- _SUPPLIED RECORDS_
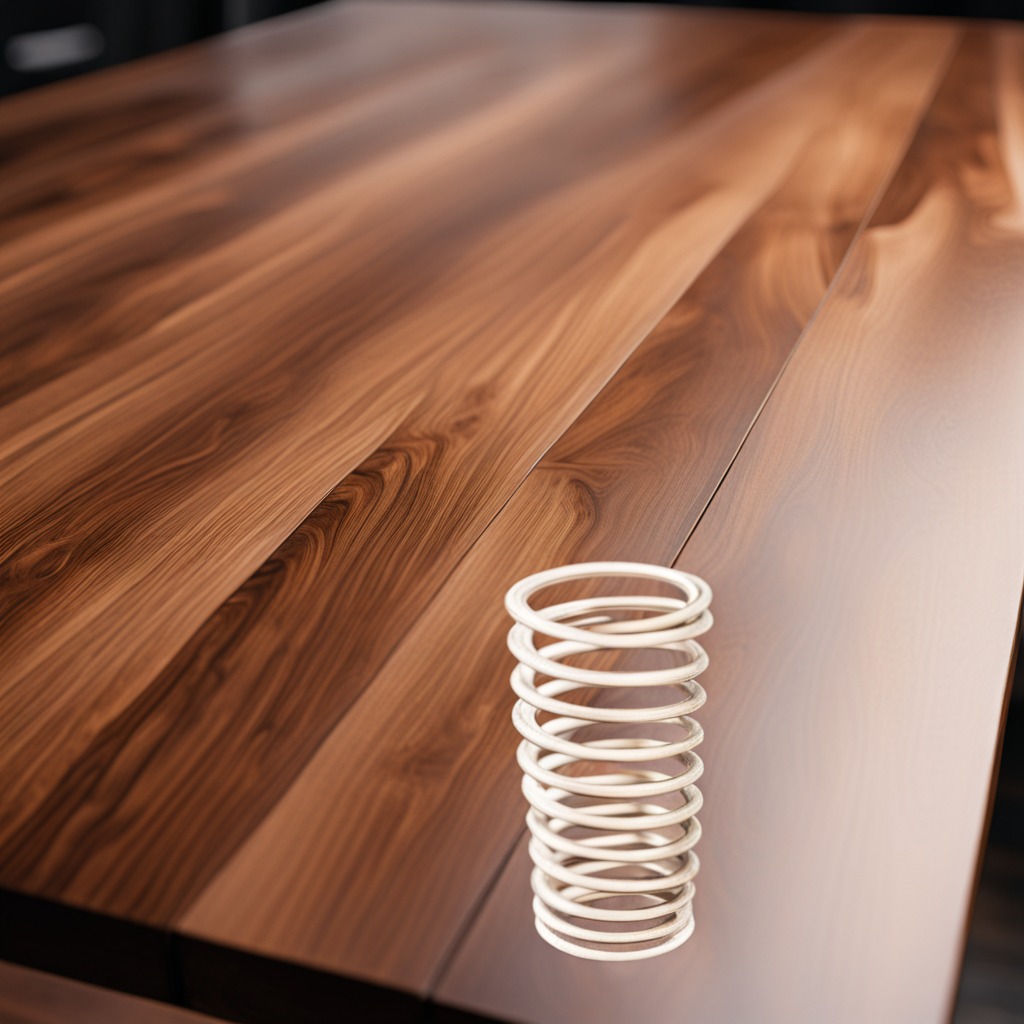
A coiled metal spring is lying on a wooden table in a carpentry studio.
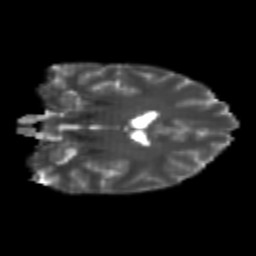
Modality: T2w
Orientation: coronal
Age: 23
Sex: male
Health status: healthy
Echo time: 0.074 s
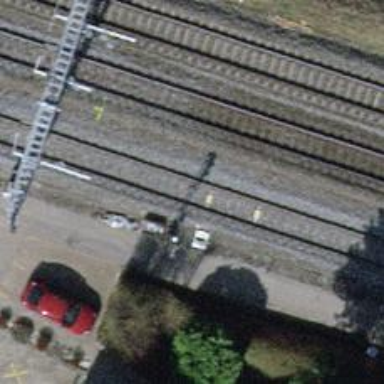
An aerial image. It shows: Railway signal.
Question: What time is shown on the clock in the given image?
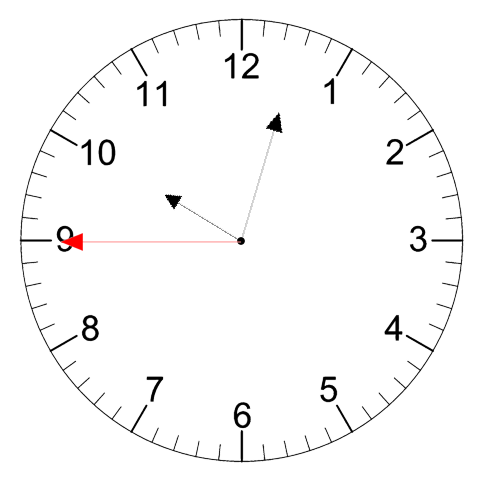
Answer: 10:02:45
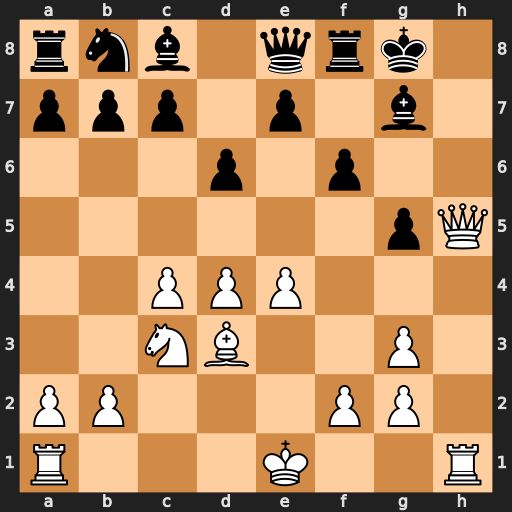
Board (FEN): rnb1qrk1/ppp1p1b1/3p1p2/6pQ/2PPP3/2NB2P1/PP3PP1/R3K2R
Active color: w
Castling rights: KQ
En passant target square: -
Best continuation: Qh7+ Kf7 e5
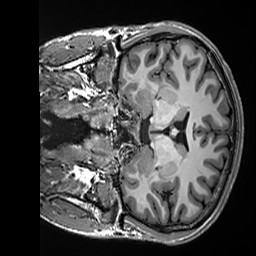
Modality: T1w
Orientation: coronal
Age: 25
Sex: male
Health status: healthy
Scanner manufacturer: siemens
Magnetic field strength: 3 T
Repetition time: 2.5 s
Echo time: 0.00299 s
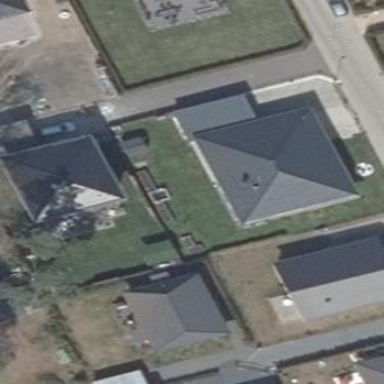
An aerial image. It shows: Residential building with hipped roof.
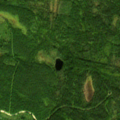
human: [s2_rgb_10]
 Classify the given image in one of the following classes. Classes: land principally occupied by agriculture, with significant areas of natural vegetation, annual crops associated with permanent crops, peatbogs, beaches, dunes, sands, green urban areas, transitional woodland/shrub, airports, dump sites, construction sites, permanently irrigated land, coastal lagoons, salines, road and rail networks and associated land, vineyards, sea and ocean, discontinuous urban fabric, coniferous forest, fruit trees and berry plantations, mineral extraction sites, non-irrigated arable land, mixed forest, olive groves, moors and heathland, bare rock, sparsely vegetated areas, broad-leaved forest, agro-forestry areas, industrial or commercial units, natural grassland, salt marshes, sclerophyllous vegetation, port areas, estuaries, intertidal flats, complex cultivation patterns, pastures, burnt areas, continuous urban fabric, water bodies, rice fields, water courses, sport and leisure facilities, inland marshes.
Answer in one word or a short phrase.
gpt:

- _EXERCISE_
From the records above, output only the lines starting at the one containing "Question: What time" and ending at the one containing "human: [s2_rgb_10]", word for word. Pictures stay out.

- _COMPLETED EXERCISE_
Question: What time is shown on the clock in the given image?
Answer: 10:02:45
Board (FEN): rnb1qrk1/ppp1p1b1/3p1p2/6pQ/2PPP3/2NB2P1/PP3PP1/R3K2R
Active color: w
Castling rights: KQ
En passant target square: -
Best continuation: Qh7+ Kf7 e5
Modality: T1w
Orientation: coronal
Age: 25
Sex: male
Health status: healthy
Scanner manufacturer: siemens
Magnetic field strength: 3 T
Repetition time: 2.5 s
Echo time: 0.00299 s
An aerial image. It shows: Residential building with hipped roof.
human: [s2_rgb_10]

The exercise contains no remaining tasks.